Therapists abuzzPosted: September 24, 2012
I spent the morning at Einstein Bagels in Fairfax. Had you come to the back of the restaurant, you would have seen the nook that we have begun to call our home on the last Monday of every month. “We” are a group of therapists who meet to network, consult and generally shmooze over coffee and a bagel. We are an informal branch of a wonderful group, DC Therapist Moms created by Jennifer Kogan, whose vision was to have a network of women who are raising children and building therapy practices. Jen has done an amazing job in connecting us to one another. So amazing, in fact, that we formed our own little coffee klatsch on this side of the river.
I never know who will be there when I cross the border from Reston/Herndon
all the way over to Fairfax, but I have never been disappointed. Sometimes it is a handful of therapists; psychologists, social workers, marriage therapists and even psychiatrists have joined our midst. One time it was just three of us and it afforded us the opportunity to have an intimate discussion about some particularly difficult cases. Today there were ten therapists from the ranks of a sports psychologist, someone who focuses on chronic pain, an infertility specialist and some trauma workers. There were also several couples therapists, women’s counselors, adolescent and adoption specialists and a mom of five returning to the work force.
We often start as a group, do introductions, and then for those who were late (I am telling you that road to Fairfax is LONG) do re-introductions. A discussion always evolves from the introductions, often it is someone who is new to private practice (these women
talked me off the ledge held my hand when I was about to open my practice back in May) who is asking questions and trying to figure out how to make it all happen. Today we were made aware that one of us is doing some good clinical work on her bike while someone else may have shared a therapeutic tip on the golf course. We therapists are adaptable, if nothing else.
A big topic of discussion is technology. There might be a therapist or two at our table that grew up in the 70’s and learned to use a typewriter rather than a keyboard. We “mature” therapists are eager to learn from the young whippersnappers in the group about how to incorporate Facebook, Twitter or any of the newest and shiniest gadgets or websites into our practice. (Note to self, someone mentioned Big Tent, must check it out and see if it will work for our group).

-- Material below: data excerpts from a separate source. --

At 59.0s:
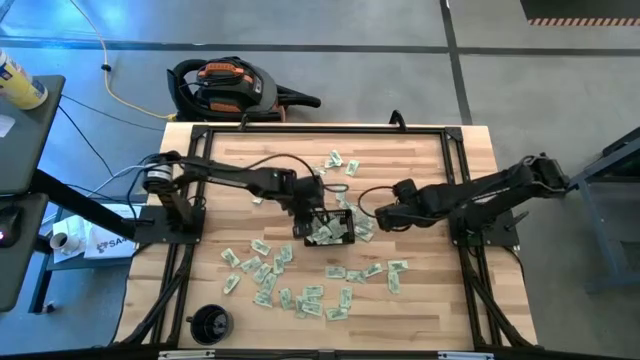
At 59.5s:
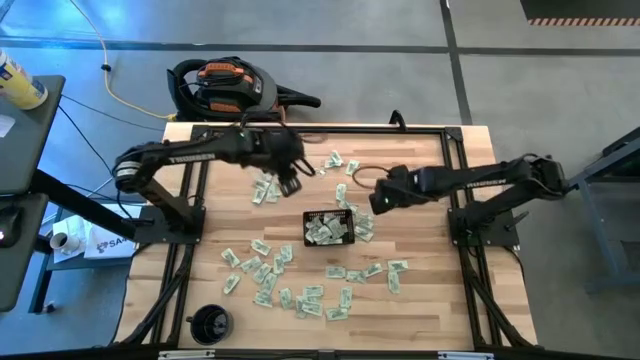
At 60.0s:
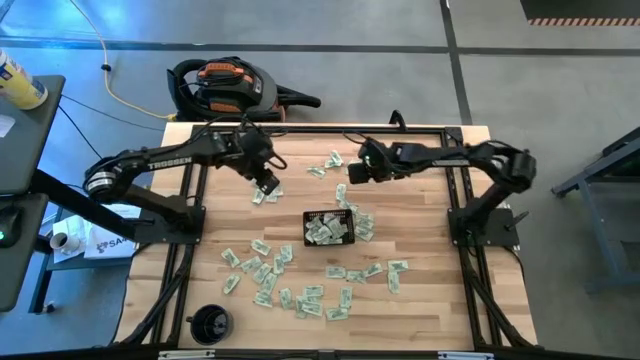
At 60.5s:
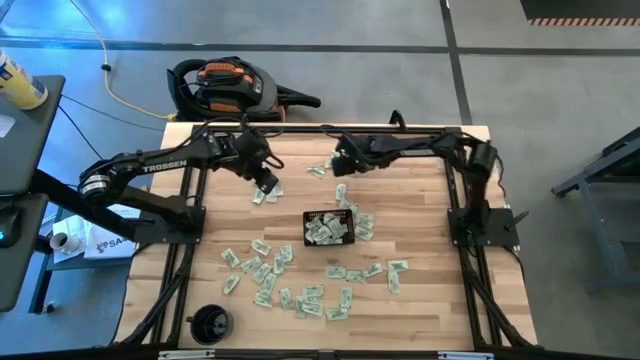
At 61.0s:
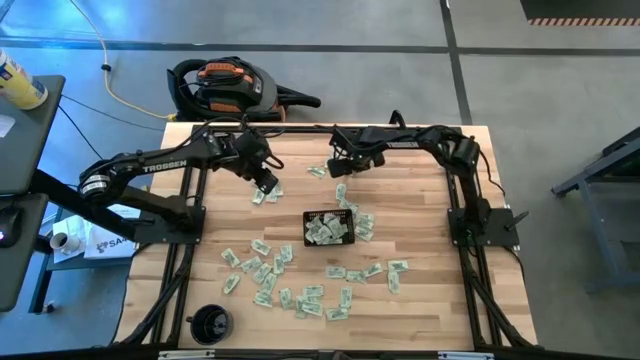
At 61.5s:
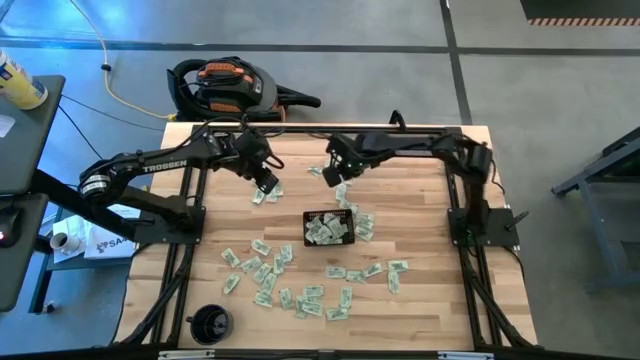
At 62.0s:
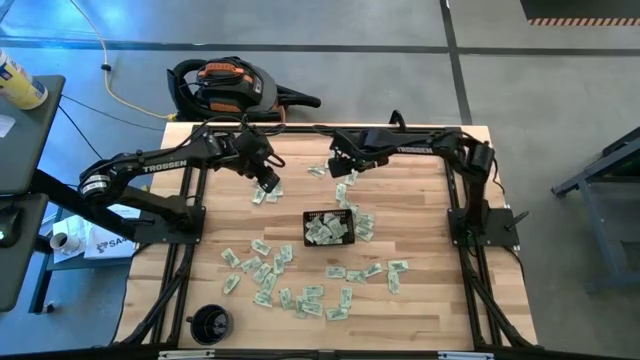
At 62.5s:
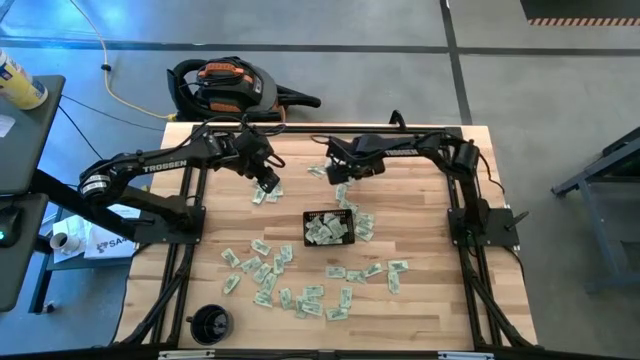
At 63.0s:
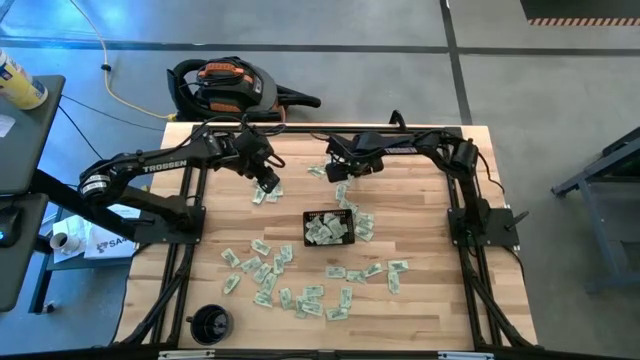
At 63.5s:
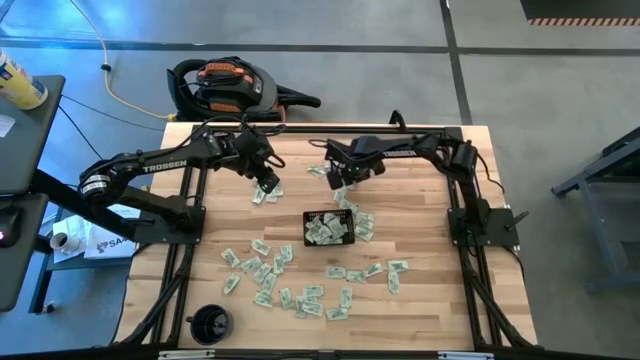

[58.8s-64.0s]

By the end of the meeting the ten of us had broken into three or four different conversations. On my left, I was discussing raising teenagers while on my right, I was engaged with two young therapists who had toddlers at home! Across from me, I was eavesdropping on a conversation about how we can post information to each other, thus the Big Tent reminder and on the other end of the table there were two intense conversations that I missed altogether.
And, as usual, there are laughs. How could a lively group of women sit around a table without a good belly laugh to remind us that it is this connection and sharing that keeps us going?